Python end-to-end client
Minimal client using any HTTP library plus your ASN.1 OER library of choice. The sketch below uses pure stdlib for the wire calls; ECIES, HMAC keyTag and OER encoding are deliberately left to your stack.
import requests, hashlib from cryptography.hazmat.primitives.asymmetric import ec BASE = "https://pki.skyv2x.com" # 1. Trust anchor rca = requests.get(f"{BASE}/trustanchor").content rca_hid8 = hashlib.sha256(rca).digest()[-8:].hex() # 2. Discovery — capabilities JSON caps = requests.get(f"{BASE}/capabilities").json() assert rca_hid8.upper() == caps["trust_anchors"]["root_ca"]["hashedId8"] # 3. Enrolment — full EC + AT flow needs ECIES + HMAC keyTag # + ASN.1 OER encoding. Wire format and field-level spec in # TS 102 941 Annex C.
The endpoints above are stable.
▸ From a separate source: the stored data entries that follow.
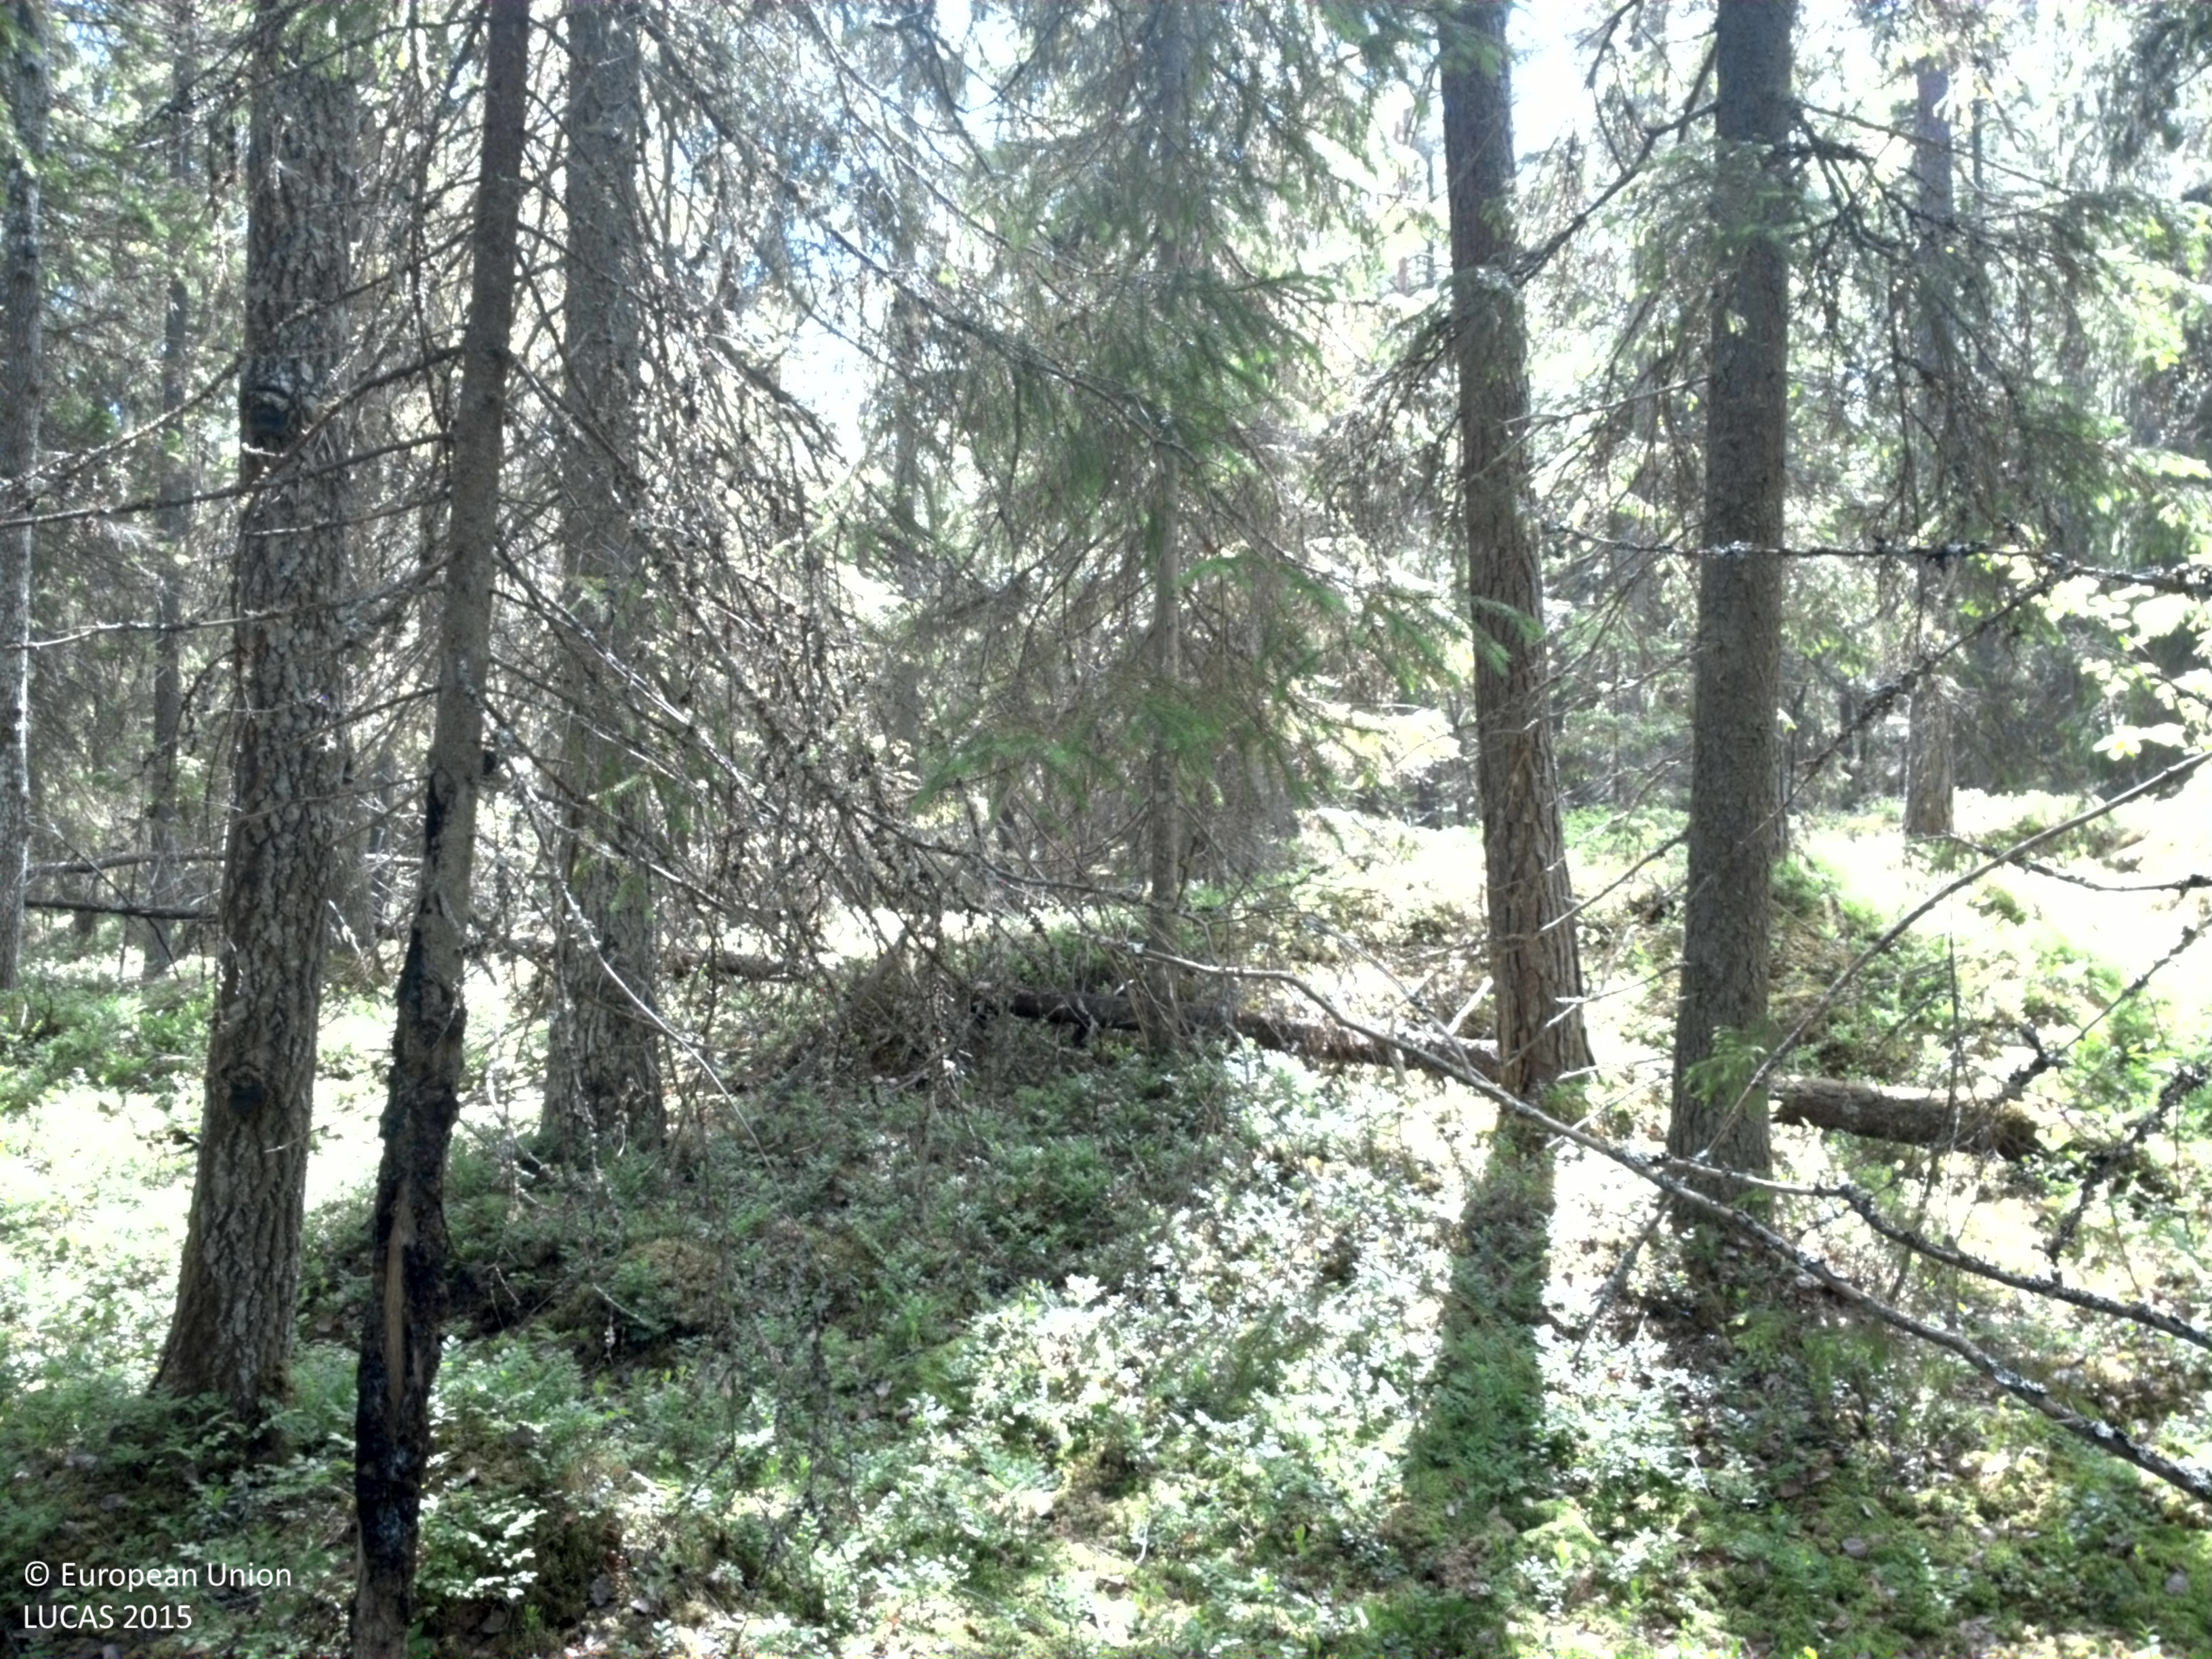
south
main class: Woodland
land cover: Spruce dominated coniferous woodland
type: boreal forest
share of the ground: > 75 %
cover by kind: coniferous forest trees 70 %, broadleaved forest trees 10 %, herbaceous plants 10 %, lichens and mosses 10 %
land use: Forestry
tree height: > 5 m
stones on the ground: < 10 %
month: June
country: SE
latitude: 60.0783
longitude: 18.6428

The client-side cryptography (ECIES wrapper, HMAC keyTag, OER encoding) is what you implement — Castell only verifies signatures and decrypts requests on the server side.
Misbehaviour reporting
If your ITS-S detects misbehaviour (TS 103 759 detectors), encrypt the Misbehaviour Report (MR) to the MA pubkey and POST it.
# 1. Get the MA cert (includes encryption pubkey) curl https://pki.skyv2x.com/ma -o ma.cert # 2. Build MR per TS 103 759 (Asr* schemas from ETSI Forge) # 3. Encrypt to MA pubkey (ECIES + AES-CCM) # 4. POST curl -X POST -H "Content-Type: application/x-its-mr" \ --data-binary @mr.bin \ https://pki.skyv2x.com/mr # Response: 202 Accepted, report_id = SHA-256(payload)[:16]
v0.1 testbed validates only that the MR decrypts correctly. Full TS 103 759 ASN.1 parse (AsrCam / AsrDenm) ships in v0.2.